--- SUPPLIED DATA ---
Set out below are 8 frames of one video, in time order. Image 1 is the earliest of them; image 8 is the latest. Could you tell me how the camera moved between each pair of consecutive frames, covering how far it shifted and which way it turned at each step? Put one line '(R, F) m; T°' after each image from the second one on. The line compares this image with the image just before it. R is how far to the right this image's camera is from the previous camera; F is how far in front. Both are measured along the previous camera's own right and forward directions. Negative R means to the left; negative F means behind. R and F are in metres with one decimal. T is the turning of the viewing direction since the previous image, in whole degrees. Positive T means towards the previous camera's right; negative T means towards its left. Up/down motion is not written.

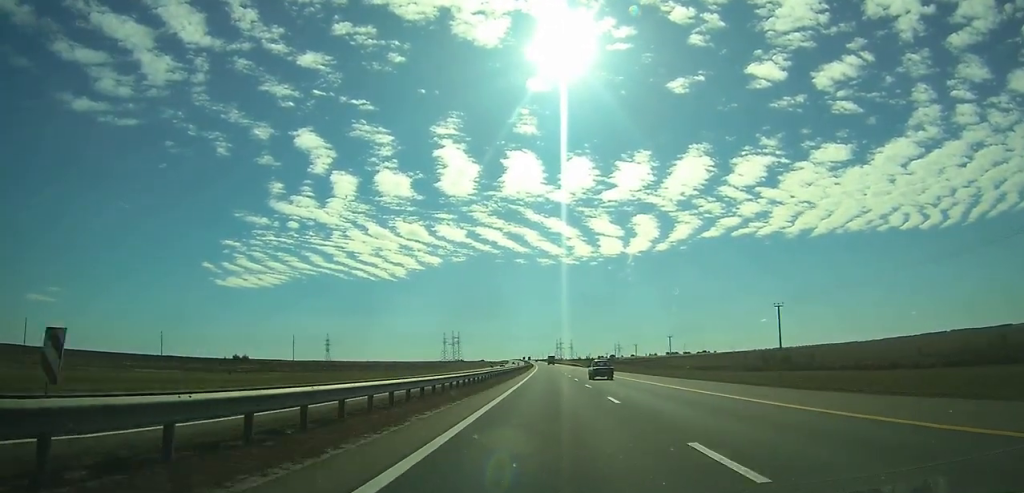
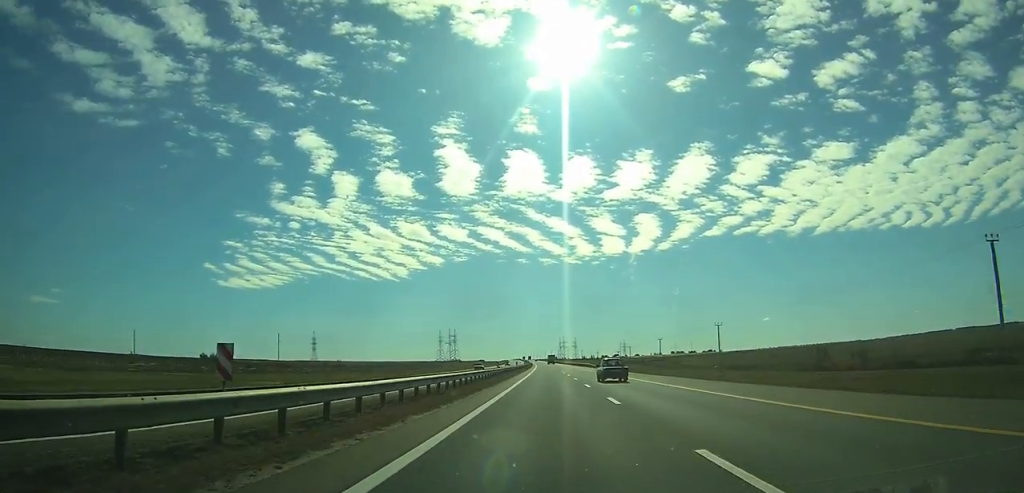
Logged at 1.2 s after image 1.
(0.0, +36.6) m; 0°
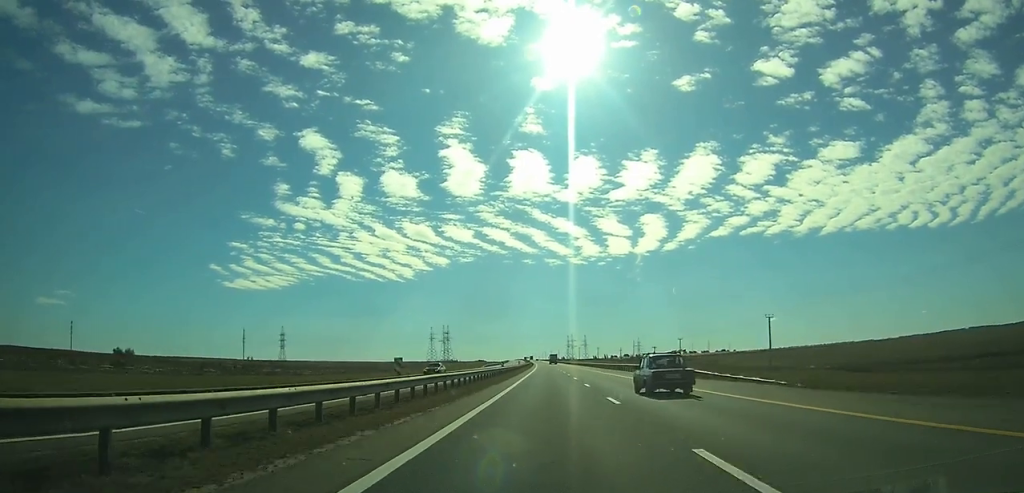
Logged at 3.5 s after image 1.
(-0.3, +71.4) m; -1°
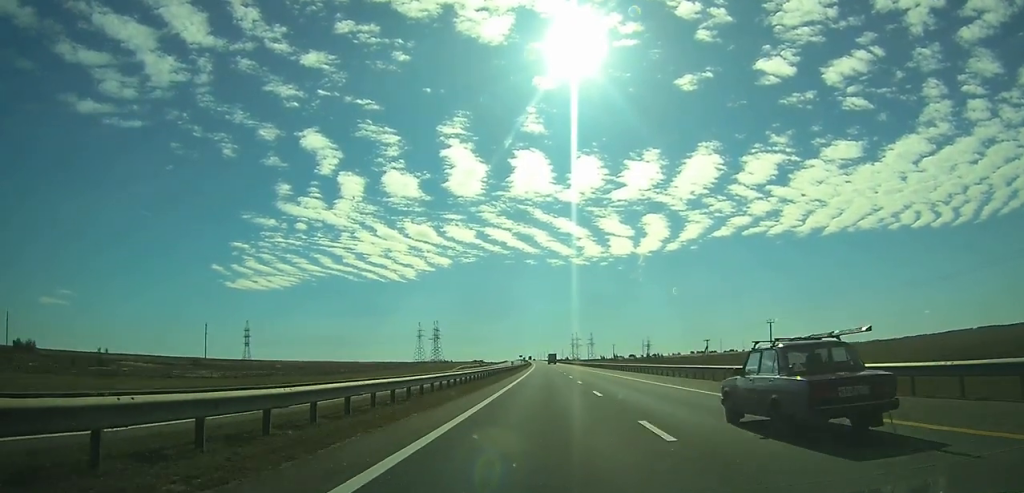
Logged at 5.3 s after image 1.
(-0.3, +55.4) m; 0°
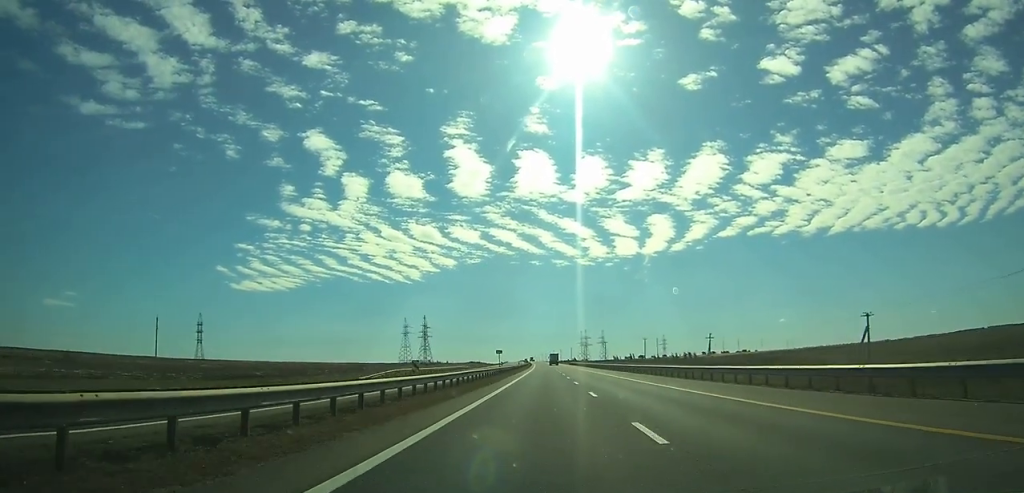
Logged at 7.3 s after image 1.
(-0.1, +59.7) m; 0°
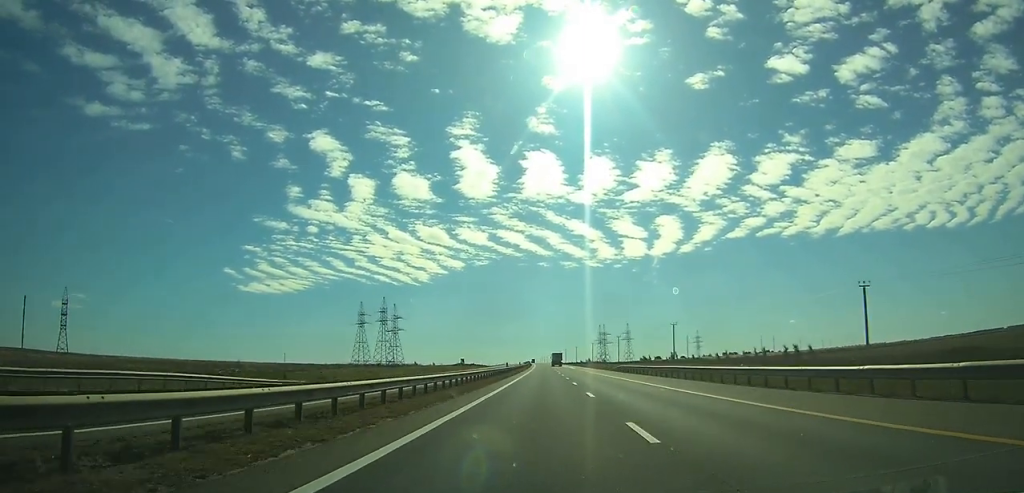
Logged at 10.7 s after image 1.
(-0.7, +107.4) m; -1°
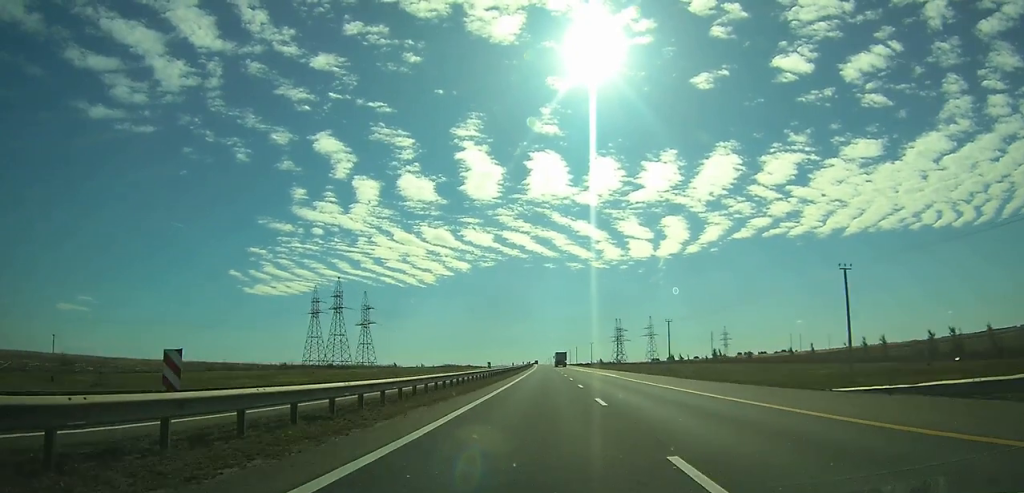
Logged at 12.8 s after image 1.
(-0.4, +64.1) m; -1°
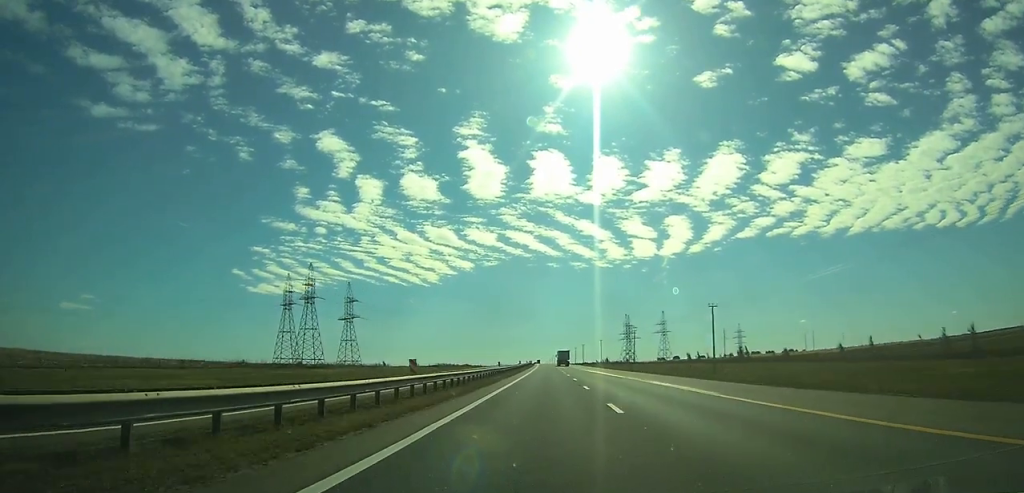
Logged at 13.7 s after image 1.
(-0.1, +26.8) m; 0°
---
Every entry above needs to be copied exactly, apart from its pictures.

◆ **RESULT**
Set out below are 8 frames of one video, in time order. Image 1 is the earliest of them; image 8 is the latest. Could you tell me how the camera moved between each pair of consecutive frames, covering how far it shifted and which way it turned at each step? Put one line '(R, F) m; T°' after each image from the second one on. The line compares this image with the image just before it. R is how far to the right this image's camera is from the previous camera; F is how far in front. Both are measured along the previous camera's own right and forward directions. Negative R means to the left; negative F means behind. R and F are in metres with one decimal. T is the turning of the viewing direction since the previous image, in whole degrees. Positive T means towards the previous camera's right; negative T means towards its left. Up/down motion is not written.

Logged at 1.2 s after image 1.
(0.0, +36.6) m; 0°
Logged at 3.5 s after image 1.
(-0.3, +71.4) m; -1°
Logged at 5.3 s after image 1.
(-0.3, +55.4) m; 0°
Logged at 7.3 s after image 1.
(-0.1, +59.7) m; 0°
Logged at 10.7 s after image 1.
(-0.7, +107.4) m; -1°
Logged at 12.8 s after image 1.
(-0.4, +64.1) m; -1°
Logged at 13.7 s after image 1.
(-0.1, +26.8) m; 0°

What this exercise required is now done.